The NYT had a piece about how people now think using the phone is rude if you don't need to. I totally agree:
http://www.nytimes.com/2011/03/2...
In fact the only kind of ambient presence that has caught on in even a minor way is Facebook wall updates/Twitter.
So I think we're missing something about the psychology of collaboration. Until I understand that, I won't speculate on the future of Google's shiny new toys, but I will propose the following new conjectures:
- For any communication need, be it foreground, ambient or both, people will use the lowest bandwidth, minimum modality, most asynchronous channel (let's call this channel the minimal channel) that will do the job. In most cases, this is asynchronous text.
- For any communication need, the minimal channel is determined by the emotional intensity of the communication need. You escalate from text to audio to video to rich immersive 3D video to whatever future olfactory/tactile things might be available based on how much you need emotion data bits.
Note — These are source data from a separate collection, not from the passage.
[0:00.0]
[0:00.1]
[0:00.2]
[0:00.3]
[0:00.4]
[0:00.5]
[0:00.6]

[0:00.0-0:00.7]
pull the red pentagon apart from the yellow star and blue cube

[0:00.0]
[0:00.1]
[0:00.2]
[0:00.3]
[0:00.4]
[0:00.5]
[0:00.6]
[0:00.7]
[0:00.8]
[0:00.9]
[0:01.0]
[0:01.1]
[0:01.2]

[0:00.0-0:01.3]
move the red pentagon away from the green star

- For ordinary, non-intimate interactions, text/visual symbols (via emoticons) has more than enough bandwidth to accommodate the emotional range.
So in a sense I have gone 180 degrees in my views. Initially I used to think richer modalities were about more sensory experience and that people desire sensory experience for its own sake. But the more I thought about it, the less sense this made.
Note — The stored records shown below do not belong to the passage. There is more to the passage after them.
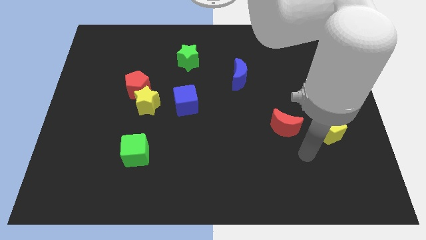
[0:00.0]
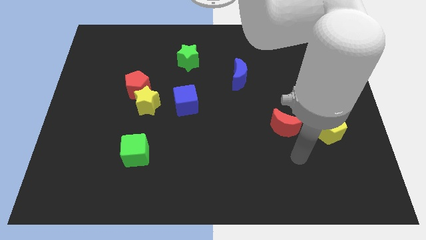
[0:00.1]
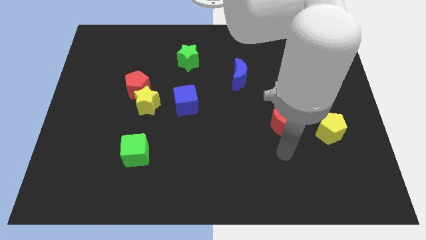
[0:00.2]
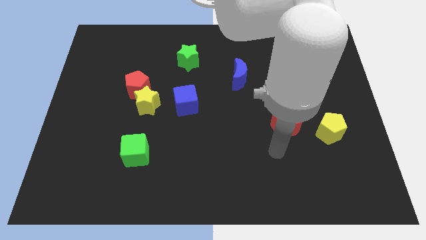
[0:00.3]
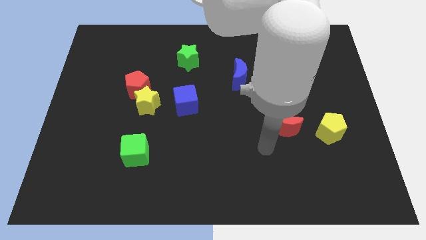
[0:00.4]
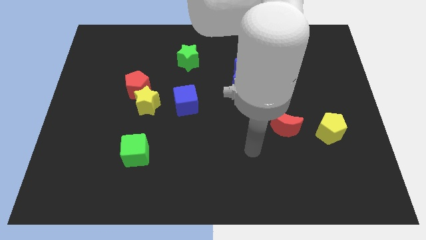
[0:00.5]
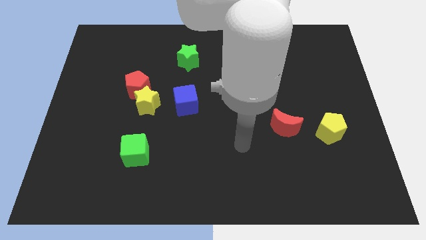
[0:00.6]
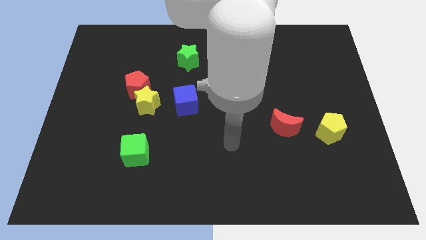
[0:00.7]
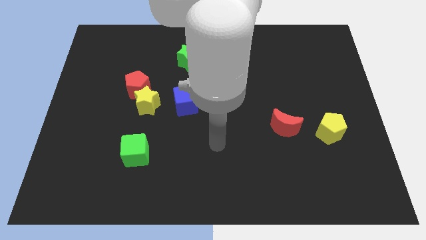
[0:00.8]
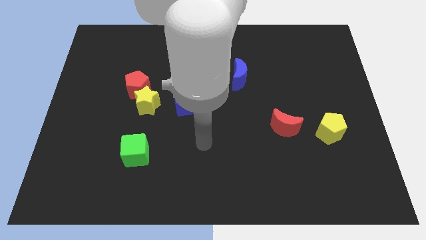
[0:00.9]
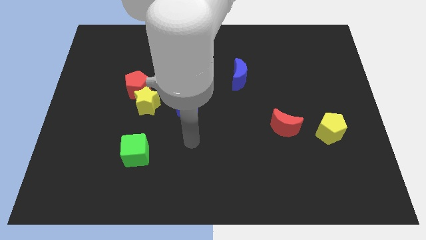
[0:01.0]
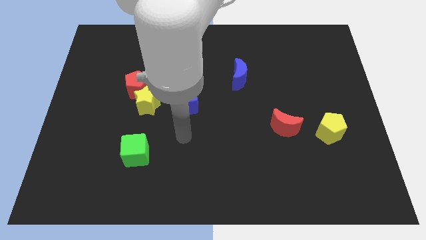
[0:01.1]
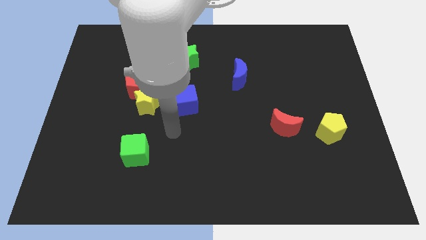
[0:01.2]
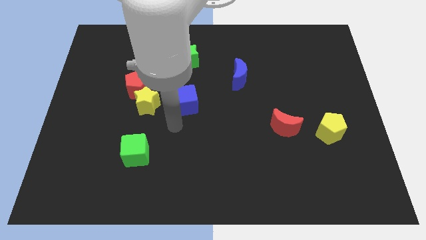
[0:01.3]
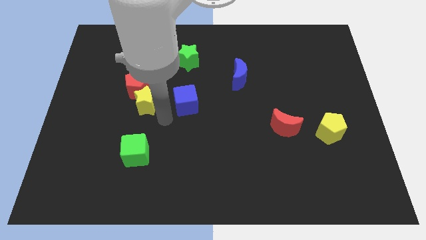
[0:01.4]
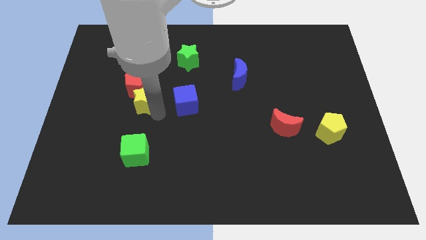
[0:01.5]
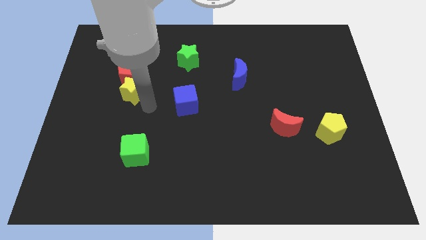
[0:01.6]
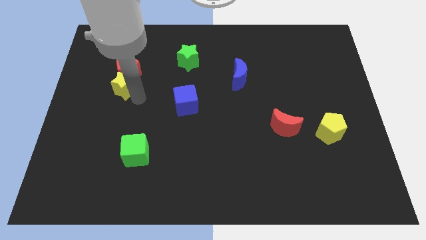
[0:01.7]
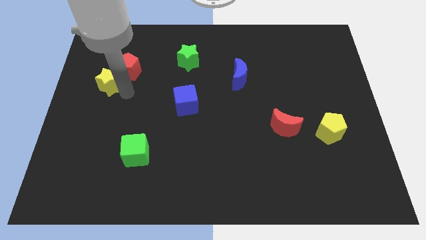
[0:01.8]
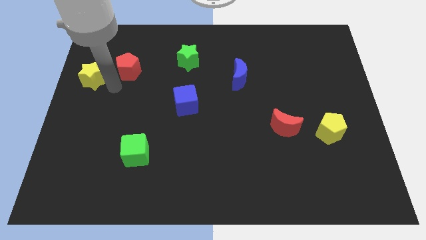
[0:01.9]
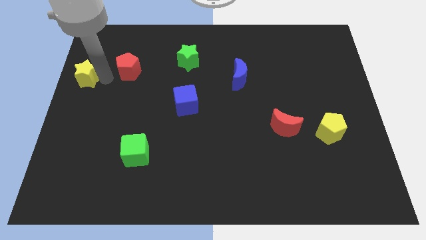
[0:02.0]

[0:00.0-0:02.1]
move the red pentagon away from the yellow star

If we were actually optimizing for sensory experience in a brain-in-a-vat full Matrix illusion sense, today's tech is a bad joke. The difference between text vs. the best of today's immersive, holographic 3d, on a scale where being there in real life is 100%, is like 0.1% vs. 0.2% (I don't mean this as a rhetorical percentage; I suspect if you did the analysis of bit rates of full sensory brain-in-a-vat experience, they WILL be orders of magnitude higher, I vaguely recall some estimate like this in Denett's Consciousness Explained).
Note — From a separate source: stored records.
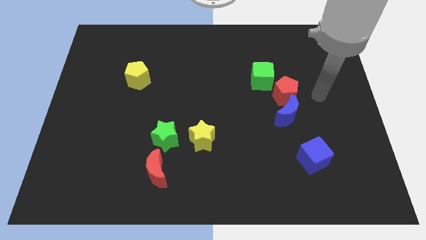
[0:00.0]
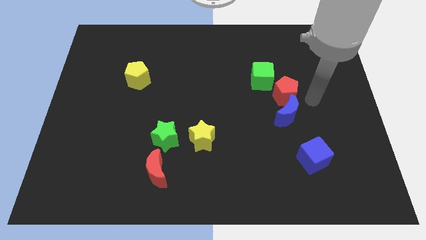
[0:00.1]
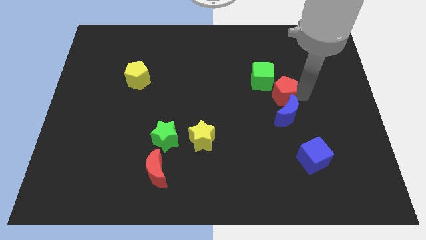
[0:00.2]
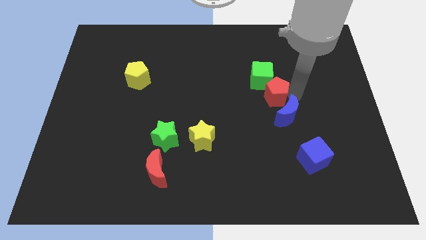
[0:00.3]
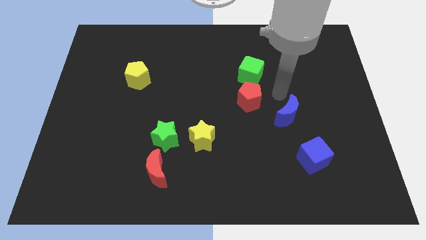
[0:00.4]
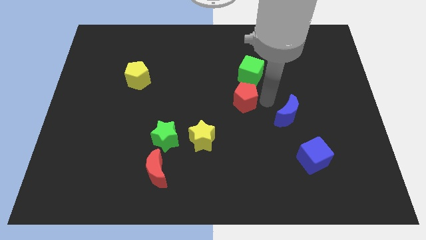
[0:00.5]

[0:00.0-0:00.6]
separate the blue moon from the red pentagon

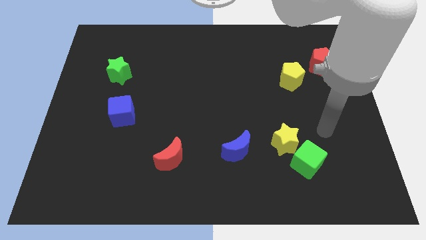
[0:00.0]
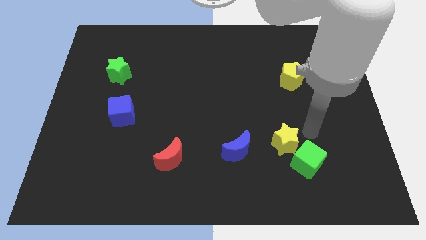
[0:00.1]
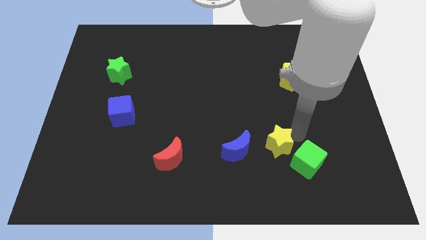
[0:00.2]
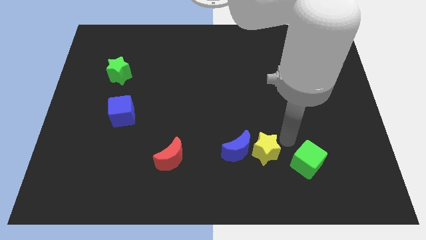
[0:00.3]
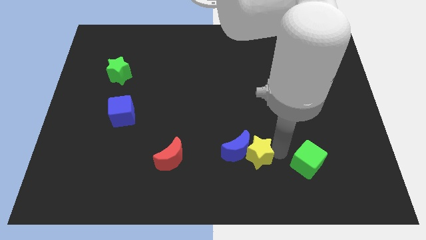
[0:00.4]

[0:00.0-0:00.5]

Another way to think of this is as follows: I find digital versions of famous paintings or 3d walkthroughs of famous buildings quite satisfying. But I find even the best digital recreations of nature (say, even a simple walk in the woods) completely unsatisfying with respect to the real thing. This means that human created environments have very very low information content compared to full-blown nature.
So why are we even bothering with this 0.1% to 0.2% upgrade? The only meaningful extra stuff it buys us is emotional communication, which is actually fairly low bandwidth. If I recall correctly, reading body language or facial expressions is about a fairly small bit-rate... much higher than verbal, like 5-6 times higher, but still, nothing compared to full-blown sensory, brain-in-a-vat bitrates.
And when is it ever great for BOTH parties to want this extra emotional communication bit rate? Certainly not most business situations, where we all want the low bandwidth so we can backchannel, be unshaven, work in pajamas etc. There is too much of an adversarial element and misaligned motives. The sales guy may want to see his client because he can manipulate better. The client may want to avoid being seen for exactly the same reason. Why do poker players wear dark glasses?
Probably only very intimate communication acts with near zero conflict and a very noisy text channel qualify. This means even most couples don't qualify.
So ambient presence with a baby or pet is likely a great feeling. Or a doctor with a patient. Or a military unit coordinating a real-time attack with shared situation awareness and verbal silence. Or some future augmented reality MMPORG where you play immersively in a faux-real environment instead of with avatars in a game environment.
These are outlier scenarios.
So my prediction: the everyday stuff will stay textual. Google Hangout will be little used in ambient ways.